Week 1: Introduction and Language Modeling
Week 2: Embeddings and Text Classification
Week 3: Neural Networks: MLPs, RNNs, Learning
Week 4: Large language models
Week 5: Attention and Transformers
- 9/30: Transformers [slides]
- 10/2: More Transformers [slides]
- Reading: JM ch. 8, Transformers
- Optional readings on Transformers and Transformer-based generative LMs:
- Cosma Shalizi notes in Transformers, including the kernel smoothing viewpoint (Tsai et al., EMNLP 2019) and many varied references
- Blogpost: Illustrated GPT-2
- OpenAI's GPT line of work consists of a series of non-peer-reviewed tech reports, with progressively less technical detail; for example, GPT (Radford et al. 2013), GPT-2 (Radford et al. 2019),
GPT-3 (Brown et al. 2020),
and InstructGPT
(Ouyang et al. 2022),
the last of which was used in the original December 2022 version of ChatGPT.
- Blogpost: "Let's reproduce GPT-2", Karpathy, July 2024; short article and full reproduction of GPT-2 (to the extent it's possible), with implementation.
- Optional readings on attention mechanisms:
- Attention mechanisms in NLP initially focused on machine translation, where naturally correspond to earlier "alignment"-based methods.

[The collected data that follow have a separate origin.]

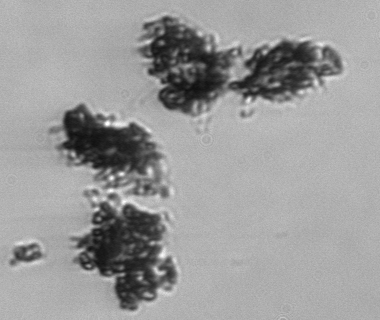
Label: Thalassiosira_TAG_external_detritus
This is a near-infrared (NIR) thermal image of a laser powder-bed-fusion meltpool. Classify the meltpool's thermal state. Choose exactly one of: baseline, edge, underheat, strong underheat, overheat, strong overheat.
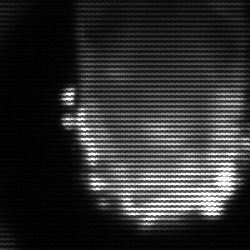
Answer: baseline
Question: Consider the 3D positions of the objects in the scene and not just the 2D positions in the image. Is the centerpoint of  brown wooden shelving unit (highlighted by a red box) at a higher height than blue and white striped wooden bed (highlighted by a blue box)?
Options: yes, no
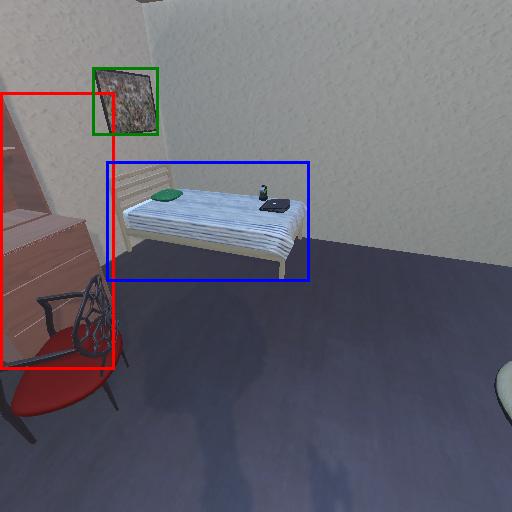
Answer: yes
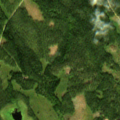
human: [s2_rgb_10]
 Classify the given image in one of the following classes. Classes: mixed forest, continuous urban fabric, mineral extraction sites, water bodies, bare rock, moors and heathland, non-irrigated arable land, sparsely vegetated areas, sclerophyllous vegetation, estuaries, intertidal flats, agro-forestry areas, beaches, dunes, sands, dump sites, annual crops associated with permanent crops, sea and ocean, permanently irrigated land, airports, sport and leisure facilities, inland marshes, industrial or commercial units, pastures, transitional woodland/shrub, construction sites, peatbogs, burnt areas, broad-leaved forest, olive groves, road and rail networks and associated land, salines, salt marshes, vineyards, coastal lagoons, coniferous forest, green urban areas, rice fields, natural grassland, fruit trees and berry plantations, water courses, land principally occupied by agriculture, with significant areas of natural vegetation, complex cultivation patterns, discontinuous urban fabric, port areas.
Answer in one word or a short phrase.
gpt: coniferous forest, transitional woodland/shrub, peatbogs
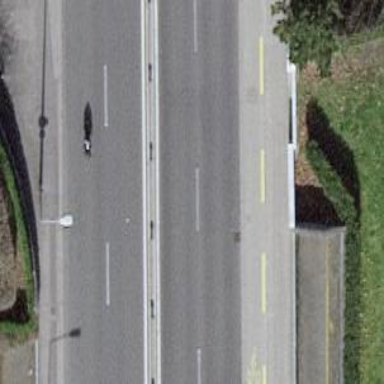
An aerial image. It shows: Tunnel cycleway with asphalt surface.
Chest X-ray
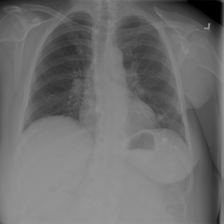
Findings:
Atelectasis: negative
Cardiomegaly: negative
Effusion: negative
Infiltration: negative
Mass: negative
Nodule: negative
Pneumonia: negative
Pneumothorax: negative
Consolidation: negative
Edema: negative
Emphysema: negative
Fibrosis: negative
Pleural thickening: negative
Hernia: negative
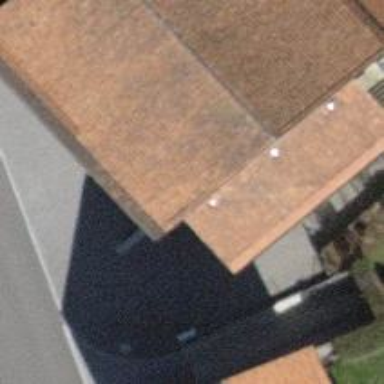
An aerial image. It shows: Community center.
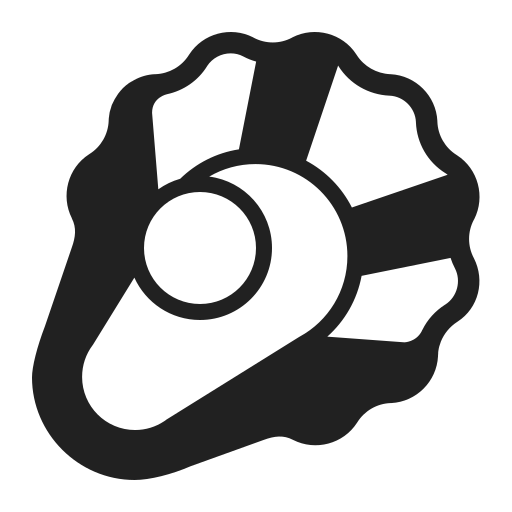
oyster high contrast
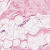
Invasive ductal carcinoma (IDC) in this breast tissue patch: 0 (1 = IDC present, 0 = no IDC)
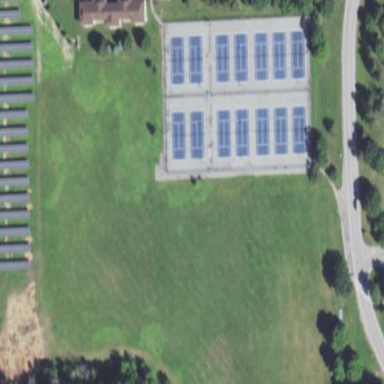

- Blog post on attention (Alammar)
- Video to understand self-attention (3Blue1Brown)
Week 6
- Exercise #2 (due before 10/7 lecture): Load and run GPT-2 as a generator. (For example, follow HF docs' code snippets on Google Colab with a GPU enabled. Use any GPT-2 variant you prefer.) Experiment with different prompts (the left context before generation starts). Develop at least two prompts for (1) a factual question where the model makes a mistake, or does something wrong; (2) an open-ended question, or a prompt to start a story, news or social post, or other narrative text. For each prompt, generate at least twice from it, and comment on the quality of the result. Submit everything (for example, Colab PDF output, or a separate document as you prefer) to Gradescope, before the Tuesday 10/7 lecture. The purpose of this exercise is to try out a (non-instruction-tuned) Transformer LM; Come to lecture ready to discuss your experience with it.
- 10/7: Generative LLMs [slides]
- Reading: JM ch. 7, Large Language Models (also assigned earlier, but we'll cover more of its material in lecture, in particular decoding)
- Reading: Holtzmann et al., ICLR 2020, "The Curious Case of Neural Text Degeneration" (on nucleus sampling).
- 10/9: Midterm #1, in class. Practice midterm questions available on the Piazza Resources page.
- Due next week: Project proposal, following these instructions / template.
Week 7
Week 8: Instructions and alignment
- 10/21: [slides]
- 10/23: [slides]
- Reading: JM ch. 9, Post-training
- Optional: Lambert (2025), Reinforcement Learning from Human Feedback, online book/tutorial. The author also has done posts/videos/slidedecks on the topic; for example, their tutorial at ICML, summer 2023.
- Optional: Ivison et al., NeurIPS 2024, Unpacking DPO and PPO: Disentangling Best Practices for Learning from Preference Feedback.
- Optional: "Beyond base models - post-training in 2025" section within "The Smol Training Playbook", Hugging Face, Oct 30, 2025. Overviews more options and the authors' views of current best practices.
Week 9: Factuality and NLG Evaluation
Week 10
Week 11: Reasoning
- 11/11: no class (Veteran's Day)
- 11/13: Reasoning [slides]
- Reading: Sprague et al., ICLR 2025, "To CoT or not to CoT? Chain-of-thought helps mainly on math and symbolic reasoning."
- Optional: Kojima et al., NeurIPS 2022, "Large Language Models are Zero-Shot Reasoners" (The "Let’s think step by step" paper, mentioned during lecture)
- Optional: Wei et al., NeurIPS 2022, "Chain-of-Thought Prompting Elicits Reasoning in Large Language Models."
- Optional: DeepSeek-AI, 2025, the DeepSeek-R1 paper.
- Optional: Lambert et al., 2025, the Tulu 3 paper.
Week 12
Week 13
Weeks 14 and 15: Final presentations
Final presentations will occur within these 3 dates
After end of classes
- 12/17 (end of finals week): Final projects due. Template/directions to be posted.